No, I am not a supporter of Obama's. I'm not a supporter of ANY liberal agenda which fosters the welfare state from cradle to grave and rewards people for not working and pays unwed mothers more and more for each child they have. I don't like any agenda which makes grieving parents PAY to fly an american flag in their yard when their soldier son is killed in Afghanistan. I don't like ANY agenda which simply can't get it through it's head that you DO NOT take away from the "haves" to give to the "have nots." Instead, you teach the "have nots" how to get off their keisters and go out and find their own piece of the pie, instead of stealing it from others.

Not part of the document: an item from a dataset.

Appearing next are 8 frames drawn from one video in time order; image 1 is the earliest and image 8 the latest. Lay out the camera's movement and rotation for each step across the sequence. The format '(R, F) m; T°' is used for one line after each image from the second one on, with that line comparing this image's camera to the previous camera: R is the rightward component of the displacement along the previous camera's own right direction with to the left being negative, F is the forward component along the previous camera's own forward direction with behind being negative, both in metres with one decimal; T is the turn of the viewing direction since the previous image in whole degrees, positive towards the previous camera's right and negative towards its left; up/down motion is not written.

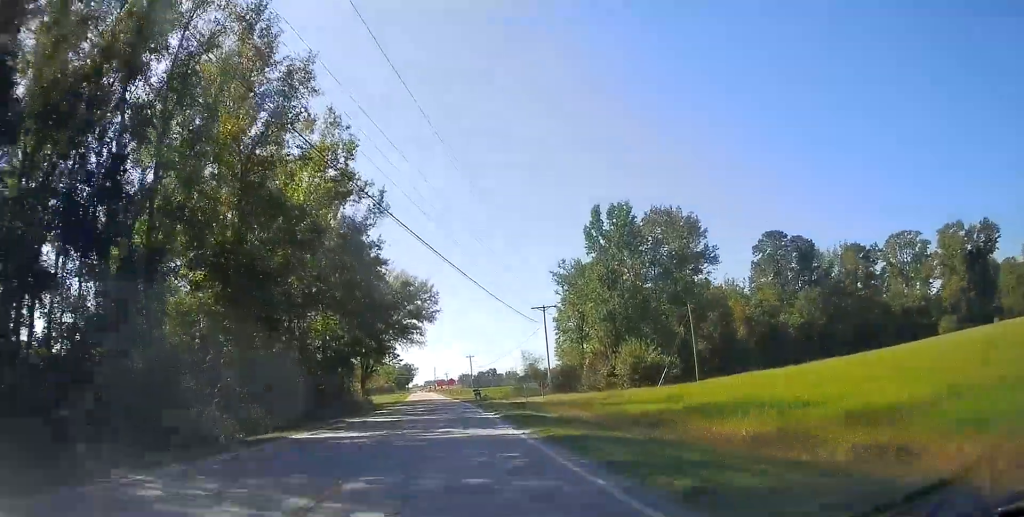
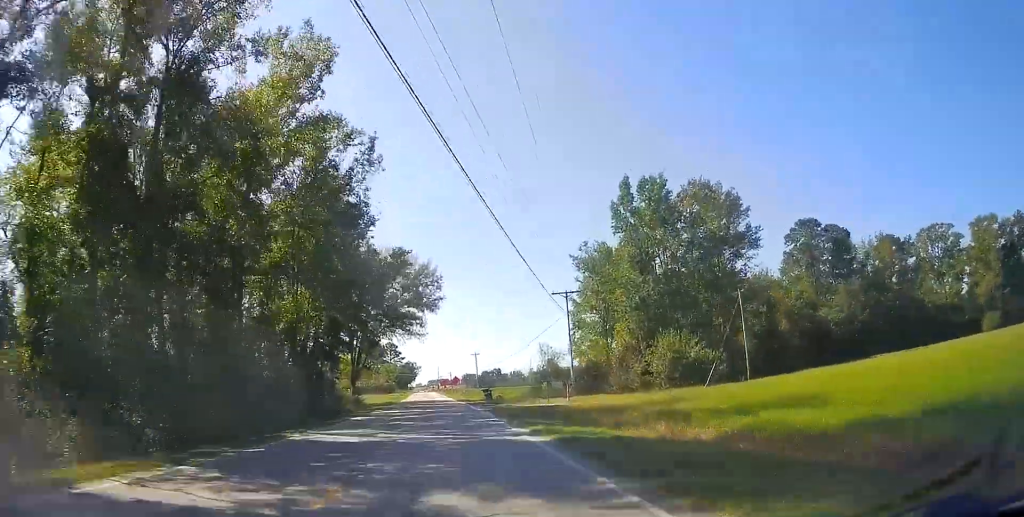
(-0.1, +10.8) m; 0°
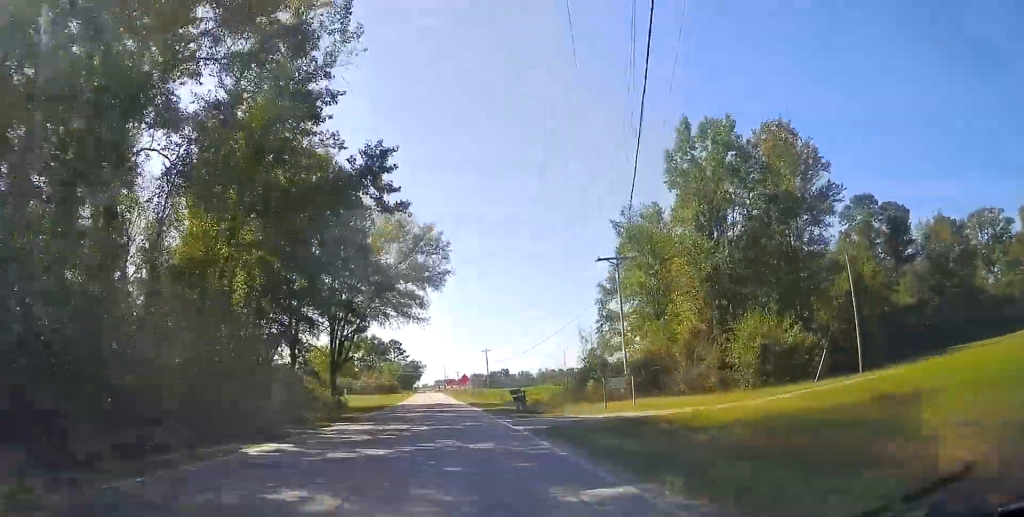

Man, I could go on and on, but I realize that we are all of different political persuasions, and I will never change your mind and you will never change mine. There's no point in getting into arguments with each other. We must all try to understand that the reasons I don't like Obama and the reasons you do are what make us great as a nation. It's called "democracy" and it gives each of us the right to vote for the person we feel most reflects our own political philosophy.


----------



## WhiteTailsMinis (May 26, 2011)

weebiscuit said:


> I was kind of put off when someone "apologized" for previous responses as well, but I just blew it off.
> 
> My question about the visit to Ireland is that it simply was not necessary. I'm glad it made the Irish people and the Brits happy when he visited, but was the expense of the trip justified? Were any treaties or pacts signed? Was the international financial crisis discussed, with firm plans laid to avoid future defaults on national debts? Or, was playing ping pong a necessary part of international relations?
> 
> ...



now _THAT_ gave me goosebumps and I'm looking for that LIKE button ! Well said ~


----------



## hobbyhorse23 (May 26, 2011)

AnnaC said:


> I have no feelings either way about the Obamas, but I hope that I have the *simple good manners* to welcome them or anyone else on a visit to my country.






:yeah





I think that's what bothers me the most about modern politic debates. Sure everyone has a right to express their opinions, but these days it's considered a "right" to do so in whatever nasty, finger-pointing, school-yard fashion you feel like and then yell about oppression when someone calls you on it! It's not the statements I have a problem with, it's the simple lack of manners and couth in the expression of those opinions. Why can't we discuss the politics without bringing someone's parentage or supposed religious beliefs into it?







ohmt said:


> Glad you enjoyed his visit! I'm with riverrose  ... Personally I think Bush Jr was the worst thing that ever happened to the US, but that's JMO.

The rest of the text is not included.